Immune suppression secondary to HIV infection is associated with an two to five fold risk of HNC [1]. Brickman and coauthors suggested that this increased risk could be attributed to immunosuppression, systemic inflammation and direct oncogenic effects [3]. Impaired lymphocyte function due to HIV infection results in decreased tumor surveillance and increased risk of malignancy. This link is stronger in Acquired immunodeficiency syndrome (AIDS) defining malignancies. The relationship between immunosuppression and the risk for non-AIDS defining malignancies (NADMs) such as HNC is less clear. Recent studies have detected an association between increased risk for NADMs and low CD4 count at cancer diagnosis, CD4 nadir and duration of low CD4 count [4, 5]. Particularly, patients with less than 200 CD4 cells/μL at initiation of cART and less than 250 CD4 cells/μL 2 years after cART had an increased risk for NADM and death due to NADM [4]. Bruyand and coauthors observed that a higher incidence of NADMs was independently associated with longer and current exposure to less than 500 CD4 cells/μL, but not to plasma HIV RNA level [5]. Also, in a case series with 94 HIVHNC patients, patients with lower CD4 cell count at diagnosis (<200 cells/μL) had significantly poorer survival. All but one patient had detectable HIV viremia at diagnosis [2]. In our case series, all but one case had less than 150 CD4 cells/μL and higher than 3.50 log10 copies/ml HIV RNA at cART initiation (table I). Also, all cases had undetectable HIV RNA and all but one case less than 250 CD4 cells/μL at cancer diagnosis (table I).

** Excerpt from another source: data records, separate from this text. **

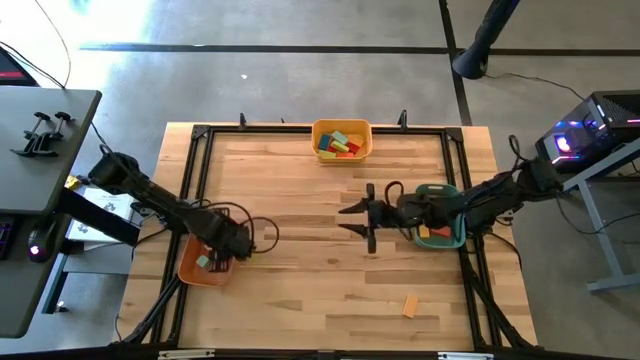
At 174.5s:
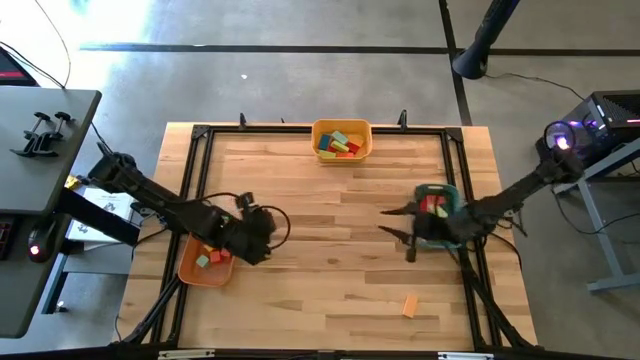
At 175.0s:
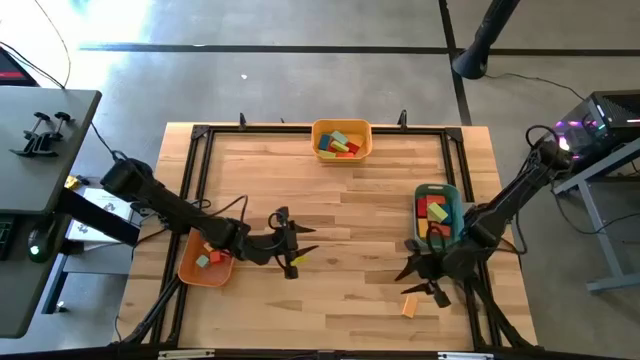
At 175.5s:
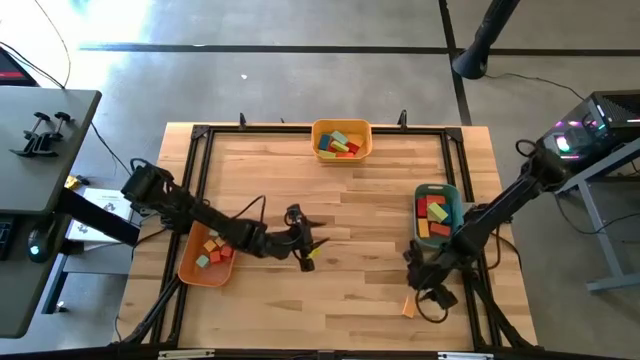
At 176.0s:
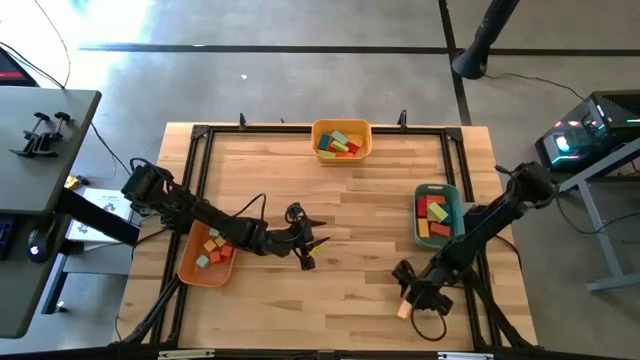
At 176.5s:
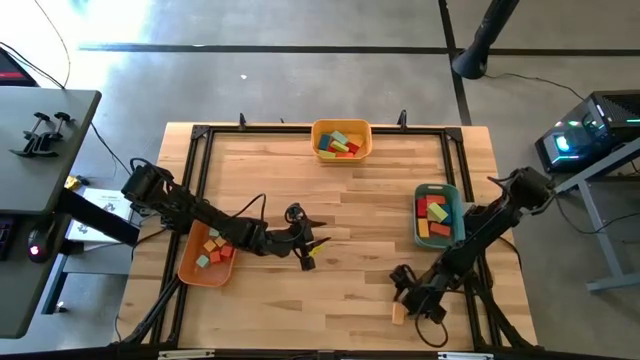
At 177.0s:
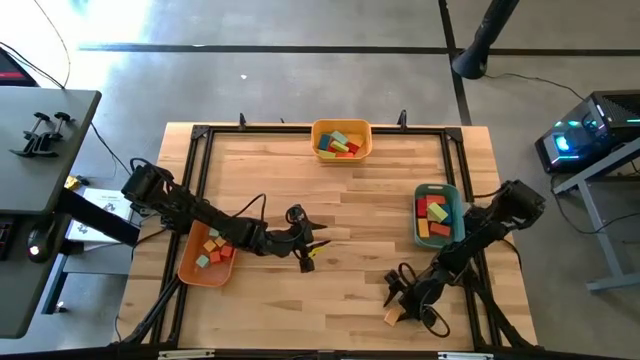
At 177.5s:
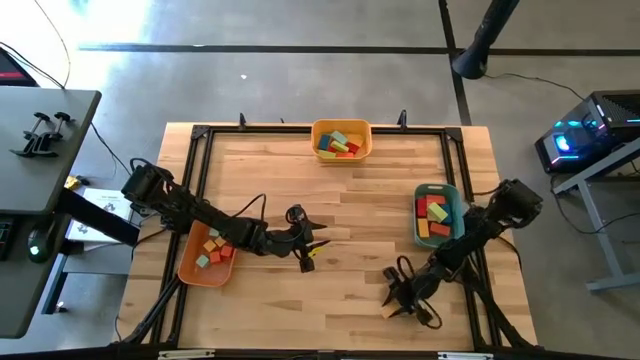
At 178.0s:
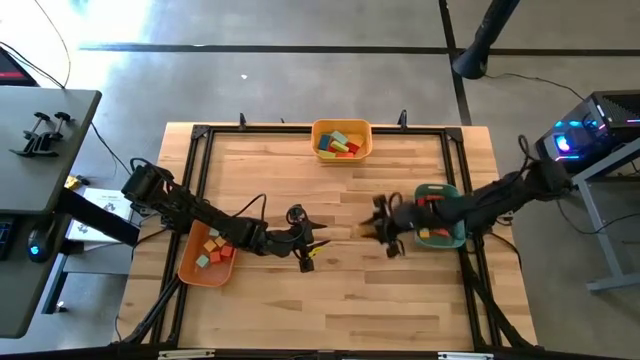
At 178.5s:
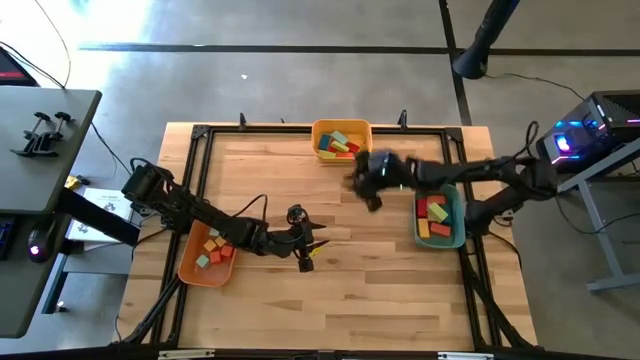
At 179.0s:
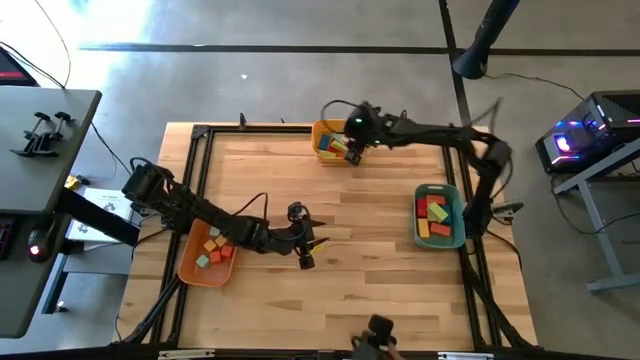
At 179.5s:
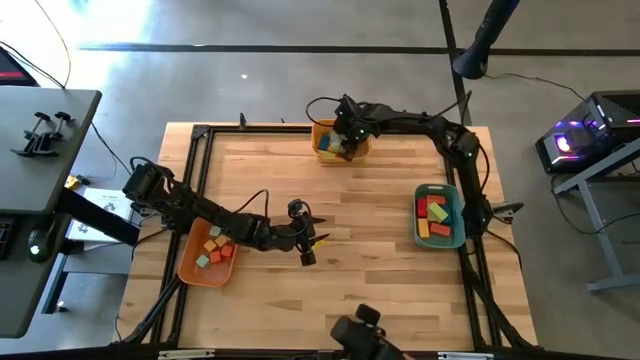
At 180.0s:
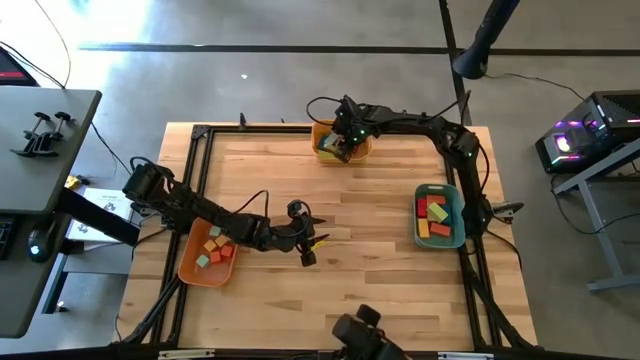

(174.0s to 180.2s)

During treatment, one patient also had less than 200 CD4 cells/ μL and undetectable HIV RNA (case 2). It’s already mentioned that HIV-associated immunosuppression could lead to initial carcinogenesis. Perhaps, long exposure to low CD4 cell count (<250 cells/μL) before cancer diagnosis could better describe the term immunosuppression and its importance on poor outcome. It’s possible that HIV-associated immunosuppression may result in initial viral carcinogenesis (through infection or mutations) that cannot be reversed by immune reconstitution. Moreover, increased risk for NADMs due to long-lasting immunosuppression may not be detectable by CD4 count alone. Smoking could also lead to poorer outcome, as well as HIVrelated comorbidities [2]. The role of HIV load on outcome remains unclear.

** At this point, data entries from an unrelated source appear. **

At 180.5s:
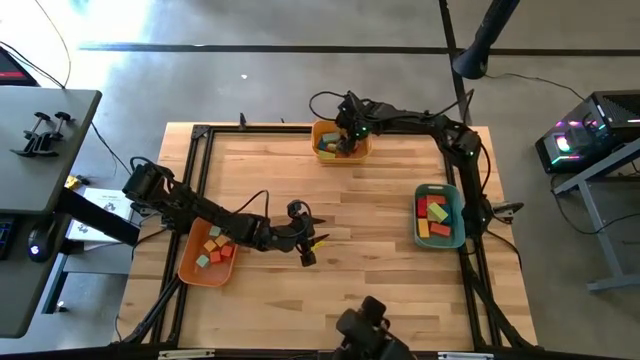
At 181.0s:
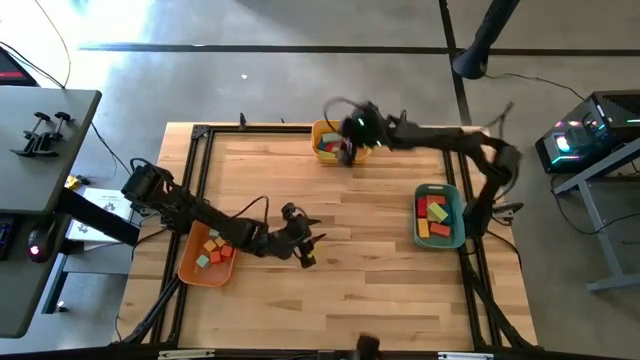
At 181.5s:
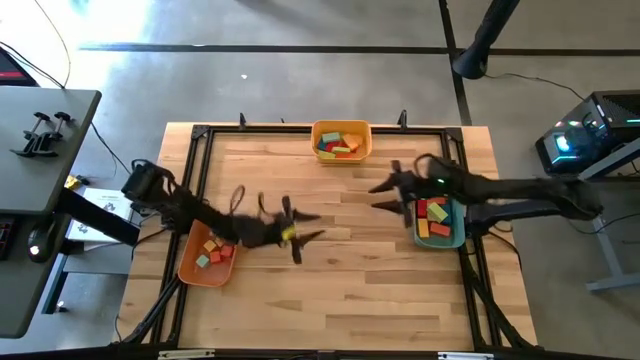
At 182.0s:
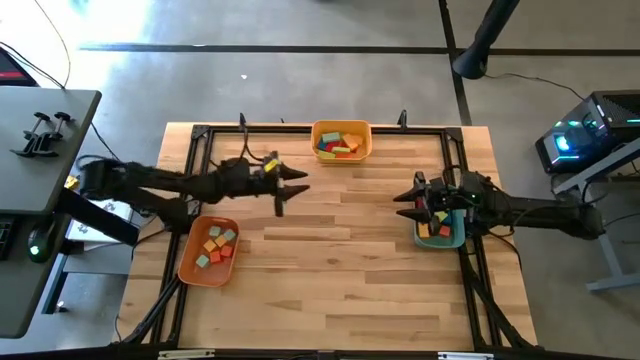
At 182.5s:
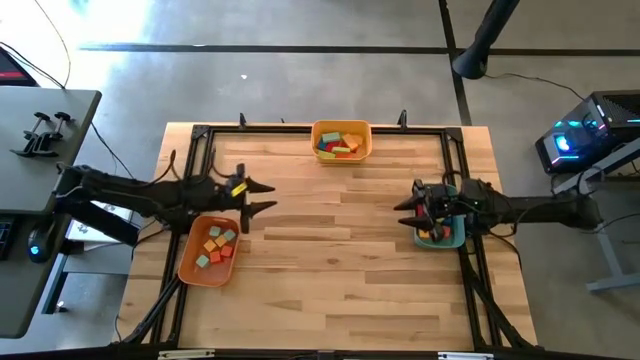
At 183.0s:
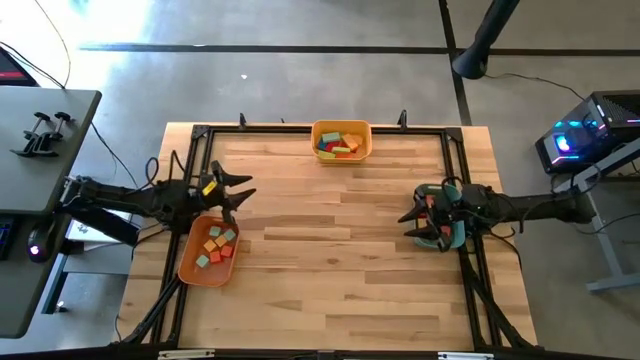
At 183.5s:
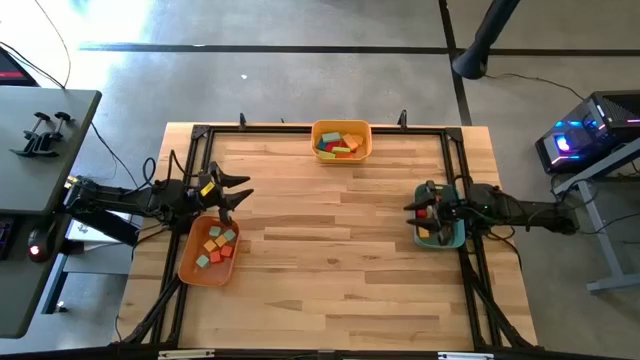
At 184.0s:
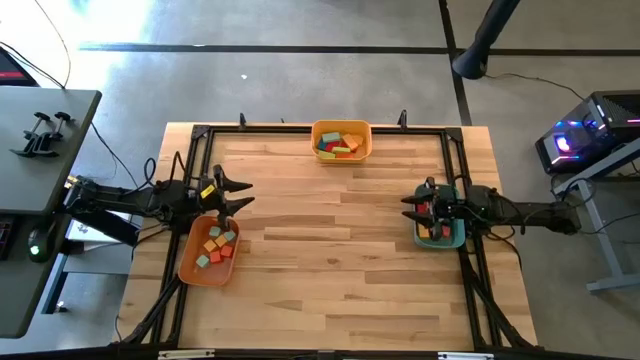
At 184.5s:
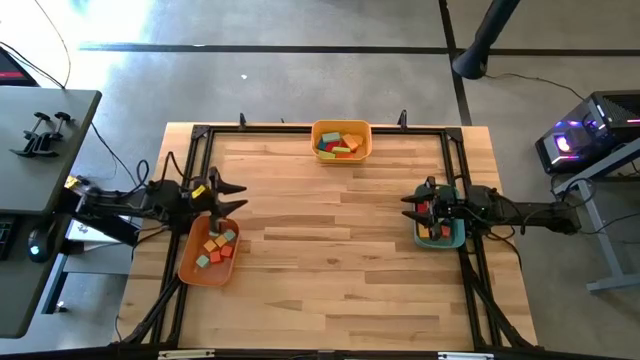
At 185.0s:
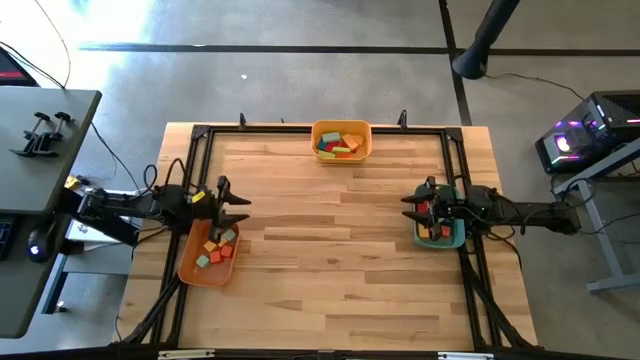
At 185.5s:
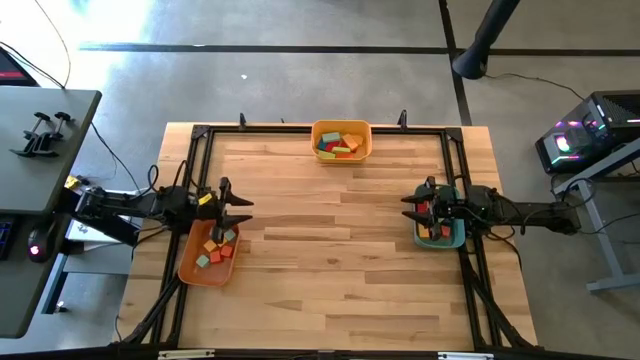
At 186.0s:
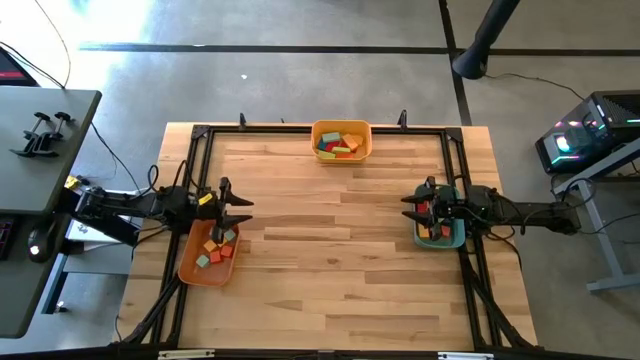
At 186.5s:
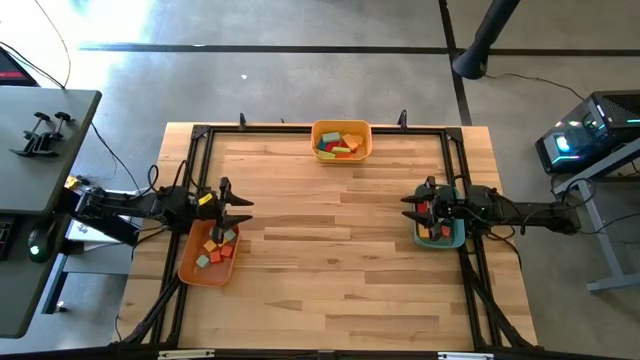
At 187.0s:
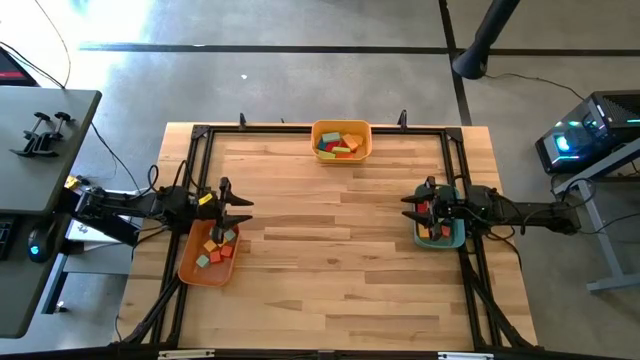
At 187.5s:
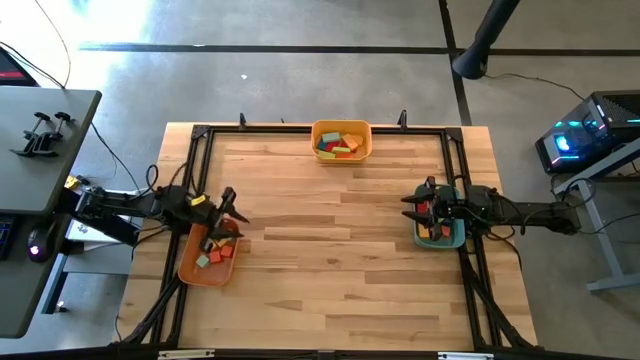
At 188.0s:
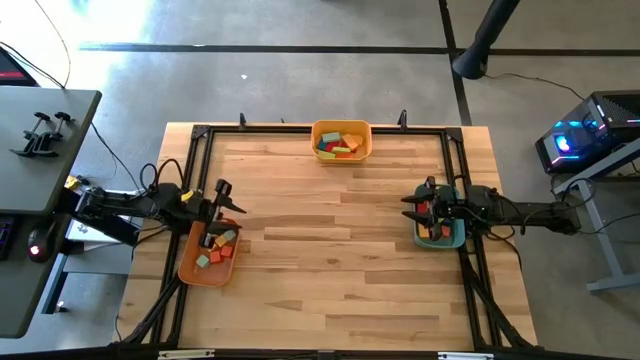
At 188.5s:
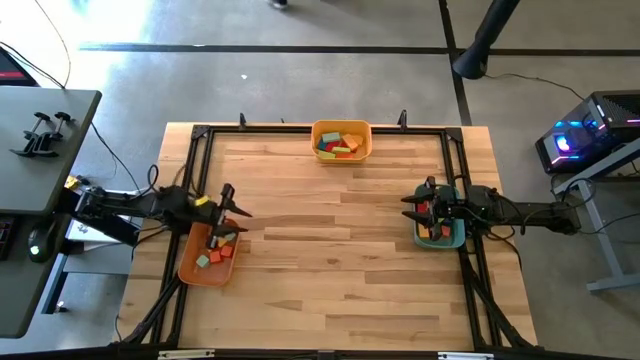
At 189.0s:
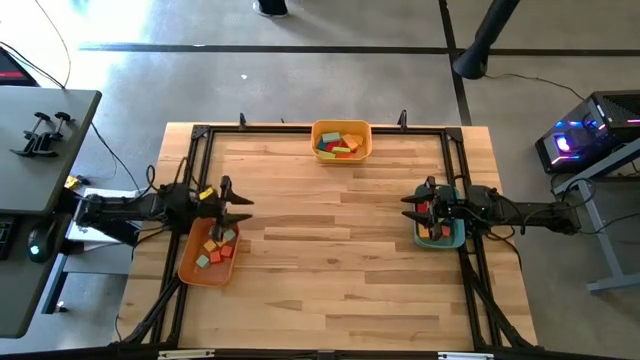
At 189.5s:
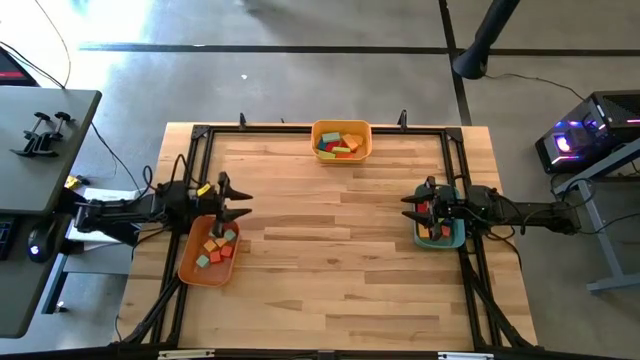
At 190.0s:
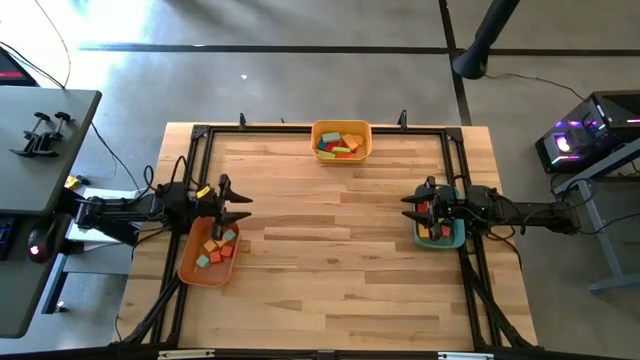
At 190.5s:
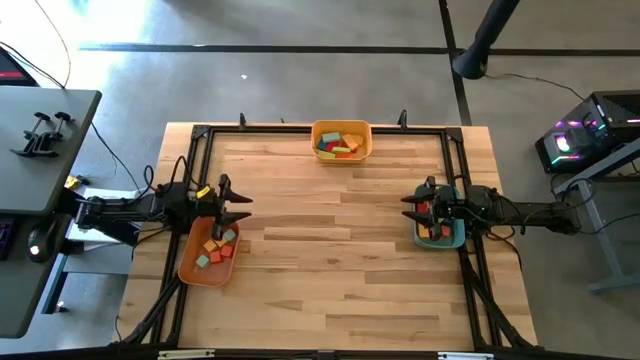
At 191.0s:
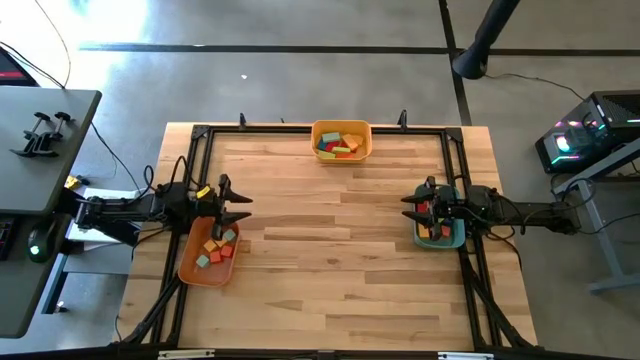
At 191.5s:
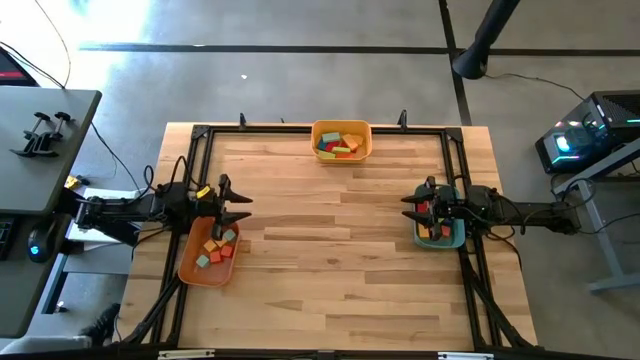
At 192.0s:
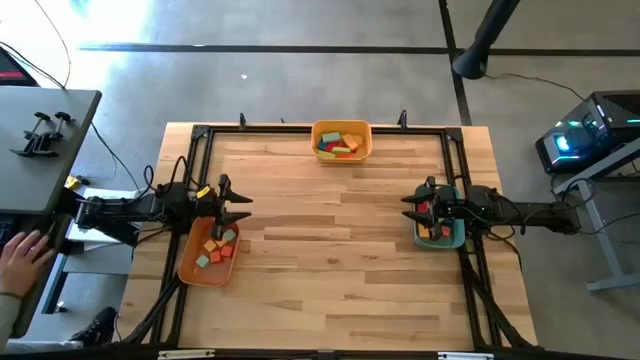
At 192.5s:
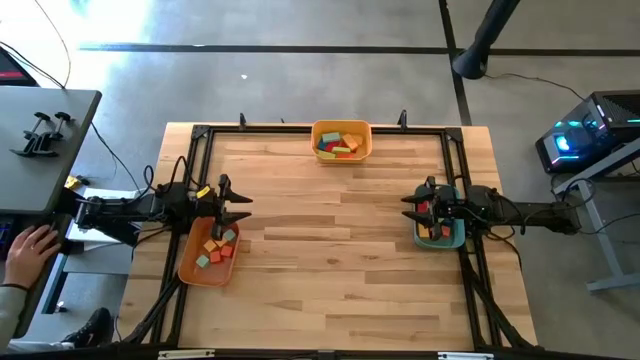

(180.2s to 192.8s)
Return to Home Position

People living with HIV have been linked to elevated inflammatory markers compared to HIV-non-infected individuals even after years of detectable immune suppression [6]. In a large longitudinal cohort, Borges and coauthors detected a small but statistically significant association between interleukin- 6, C-reactive protein and D-dimer and the hazard of developing infection-related and infection-unrelated malignancies [7].

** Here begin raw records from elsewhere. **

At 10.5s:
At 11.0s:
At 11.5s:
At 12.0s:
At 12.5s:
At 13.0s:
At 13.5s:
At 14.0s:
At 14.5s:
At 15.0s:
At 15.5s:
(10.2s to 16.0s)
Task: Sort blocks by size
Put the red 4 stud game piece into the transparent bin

Direct oncogenic effects have been linked to the HIV transactivator protein tat. This protein is secreted from HIVinfected cells and taken up by adjacent cells; it is involved in the activation of viral and cellular genes and in downregulation of DNA repair pathways, cell-cycle stimulation and inhibition of apoptosis [8]. The protein tat also appears to enhance the transformation and infectious potential of oncogenic viruses; it upregulates the expression of the HPV oncogenic proteins E6 and E7, thus enhancing the oncogenic potential of HPV [9]. Thus they may develop NADMs, including HNC [1].

Concluding, the authors suggest consideration of early aggressive treatment, increased vigilance and intensive follow up of HIV-HNC patients despite undetectable HIV viremia; since other parameters, such as immunosuppression, inflammation and direct viral oncogenic effect, could have already accelerate the natural course of the disease and affect the outcome.